2.3. Competition Fluorescence Binding Assay

Aliquots of unlabeled DNA hairpin PA were added to a solution of fluorescent DNA-PA complex at a concentration 10-fold above the K_d. The resulting data were normalized and fit to a mathematical model describing both the labeled PA-DNA equilibrium (known K_d) and the unlabeled PA-DNA equilibrium (unknown K_d) using Scientist software (MicroMath, St. Louis, MO) as previously described [27].

2.4. Surface Plasmon Resonance (SPR)

Biosensor-SPR experiments were conducted with a BIAcore T100 or T200 instrument using similar procedures to those previously described [28, 30]. 5′-Biotin labeled DNA hairpins were immobilized on streptavidin-linked sensor chips via non-covalent capture. The tight affinity between biotin and streptavidin yields a highly stable surface over time, allowing for regeneration of DNA surfaces with relatively harsh conditions. Immobilization in each flow cell is performed independently in a separate cycle, so that different DNAs can be used in different flow cells. After washing the chip with 1 M NaCl/50 mM NaOH and buffer to remove unlinked streptavidin, a 50 nM solution of each DNA sequence was injected over a streptavidin derivatized flow cell until ~400 resonance units (RU) of the long DNA (complete) sequence (as shown in Figure 2) were immobilized and ~250 RU of shorter cognate and noncognate sequences were immobilized.

Three flow cells contained DNA and one flow cell was left blank as a reference. For binding studies PA1–4 were diluted to different concentrations in degassed and filtered HEPES buffer (0.01 M HEPES and 0.001 M EDTA, 0.05 M NaCl, pH 7.4, and 0.05% surfactant P-20) and the diluted samples were injected over the DNA surface for a selected time. A 10 mM glycine solution at pH 2.5 was used for flow cell surface regeneration. Kinetics fits and steady-state binding studies were carried out as described [28, 30]. Steady-state analysis was done by averaging the RU values (RU) in the plateau region of the sensorgrams over a selected time region at different compound concentrations. The binding constants were obtained from fitting plots of steady-state RU versus C_free while kinetics fits were done in both the association and dissociation time regions [28, 30].

2.5. Quantitative DNase I Footprinting by Capillary Electrophoresis

To generate a 524 bp DNA fragment of the HPV16 genome containing three cognate sites for PA1 and beginning at nt 2150, two oligomers were purchased from Integrated DNA Technologies, Inc. (Coralville, Iowa 52241). The forward primer sequence is: 5′-Fam-ATG TGA TAG GGT AGA TGA TGG AGG TG; the reverse primer sequence is: 5′-G CTC ATA CAC TGG ATT TCC GTT TTC GTC ATA. pUC19 with an HPV16 genome insert (Accession # AF125673) was used as the template. PCR settings were 55 °C/1 min annealing temperature, 68 °C/min extension temperature/time with 33 cycles. The fragment was purified using a 2% agarose gel and purified with Qiagen gel extraction kit (Qiagen, Valencia, CA 91355).

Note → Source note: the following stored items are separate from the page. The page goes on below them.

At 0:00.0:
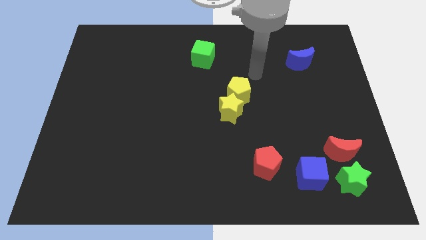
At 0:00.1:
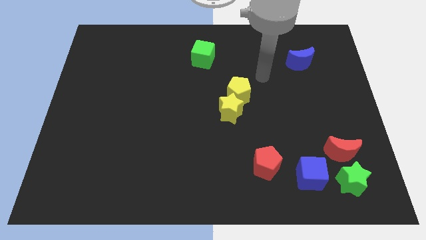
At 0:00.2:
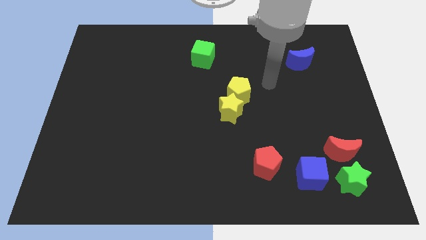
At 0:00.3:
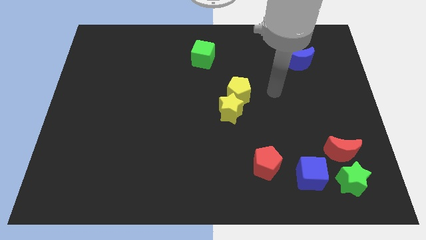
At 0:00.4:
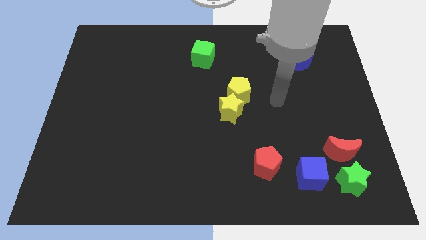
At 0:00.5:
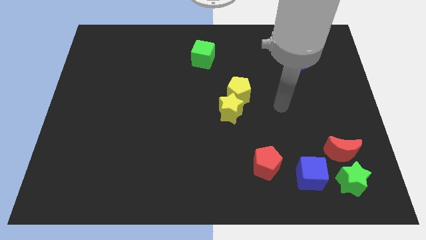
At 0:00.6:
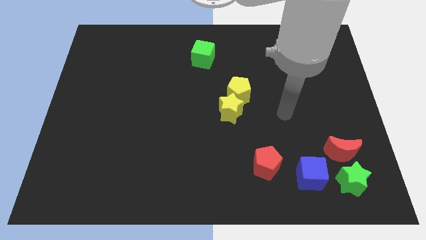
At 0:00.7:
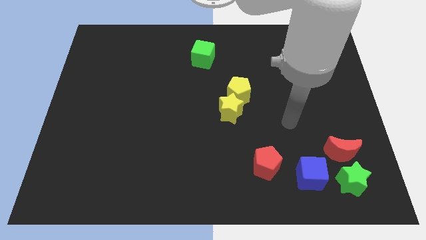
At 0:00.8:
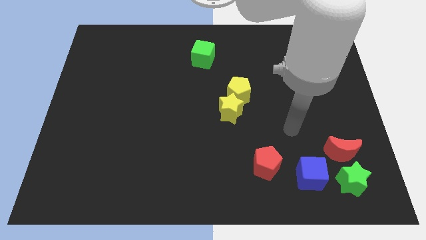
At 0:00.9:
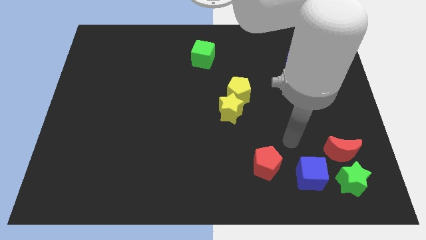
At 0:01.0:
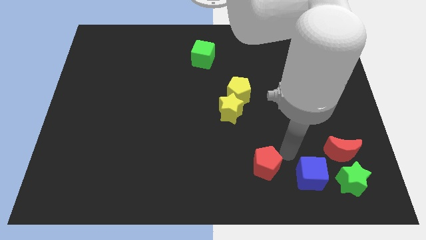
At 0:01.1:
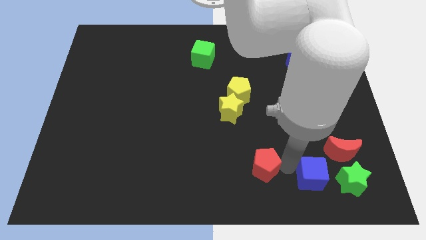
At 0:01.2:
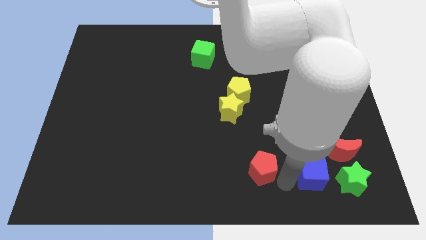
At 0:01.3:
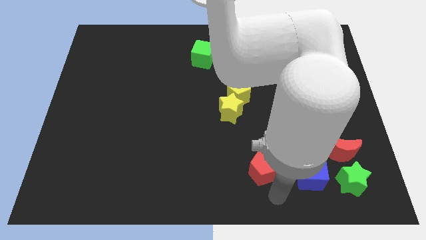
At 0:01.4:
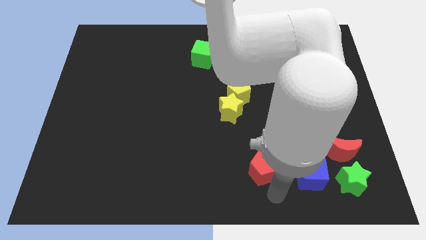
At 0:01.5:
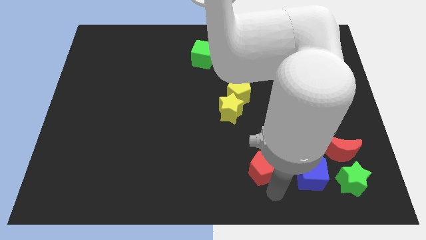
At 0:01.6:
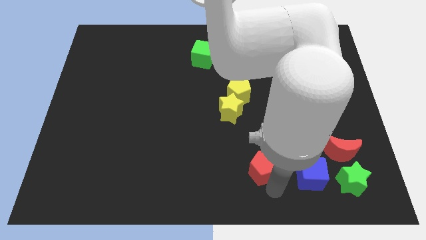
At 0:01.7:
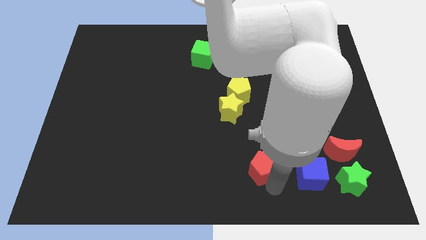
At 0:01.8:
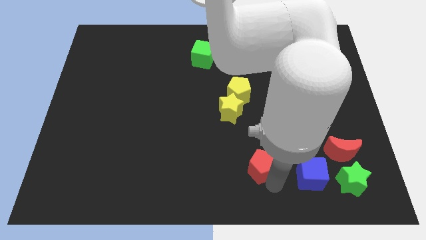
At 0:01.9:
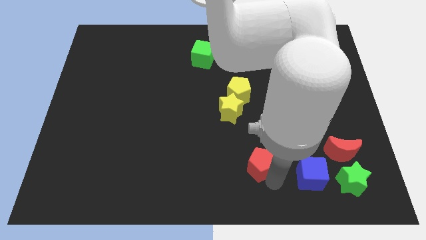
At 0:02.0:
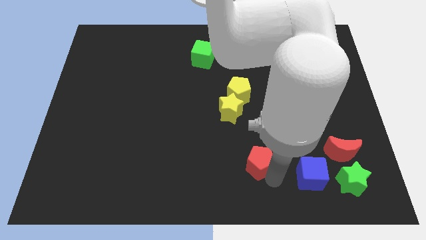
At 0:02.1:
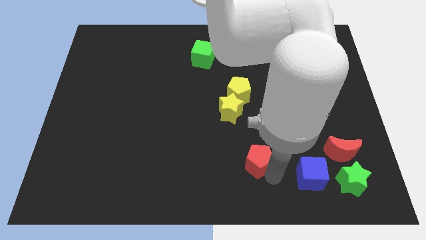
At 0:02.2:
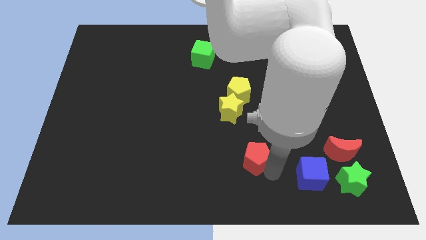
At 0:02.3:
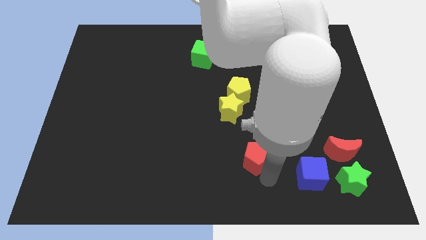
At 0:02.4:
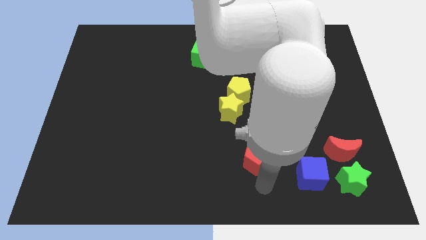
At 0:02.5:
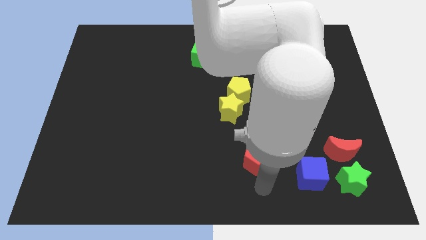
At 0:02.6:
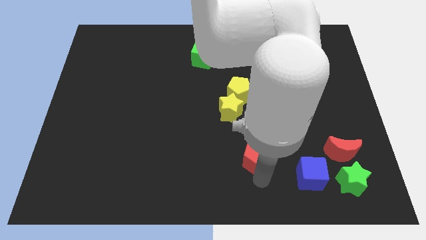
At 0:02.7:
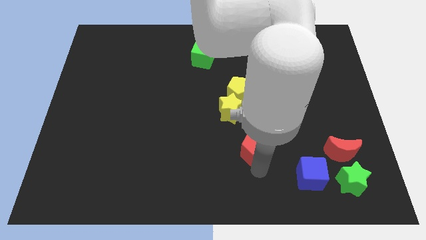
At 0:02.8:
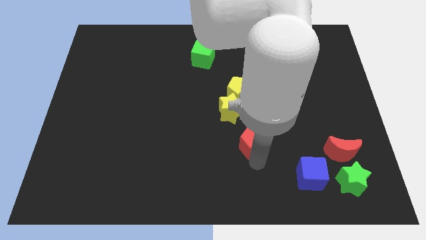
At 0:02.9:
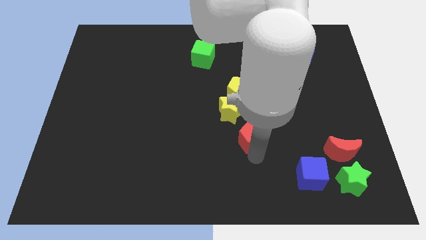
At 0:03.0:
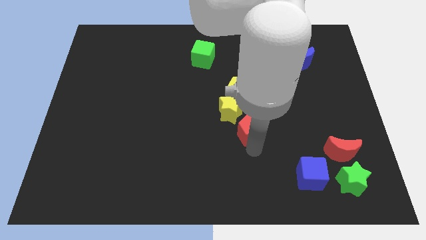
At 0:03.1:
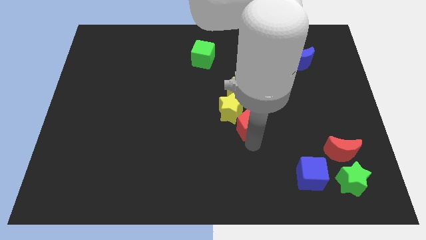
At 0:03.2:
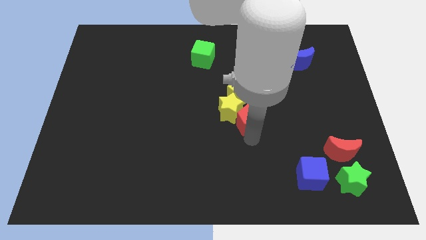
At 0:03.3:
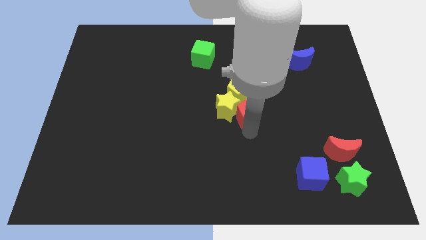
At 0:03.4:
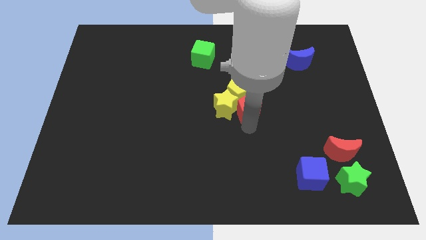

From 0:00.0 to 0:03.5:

A 120 bp duplex was generated as described previously [27]. Its sequence is: Fam_ATGTGATAGGGTAGATGATGGAGGTGgagtttaatgaaatttctgcaagggtctgtaatatgttttgtaaattct aa CCTGGAGAGGAAGCCAAGTG tttttggttacaaccattagcag. The first sequence in capital letters is from HPV16 2150-2175. The sequence in lower case letters originates from HPV16 positions 2327–2377 and 2384–2406, which are the sequences surrounding the 5′-AAGCCA-3′ cognate target site (bolded). The underlined sequence is the same as the stem region of the DNA hairpin used for the above fluorescence studies and most SPR studies (i.e. the “long hairpin”).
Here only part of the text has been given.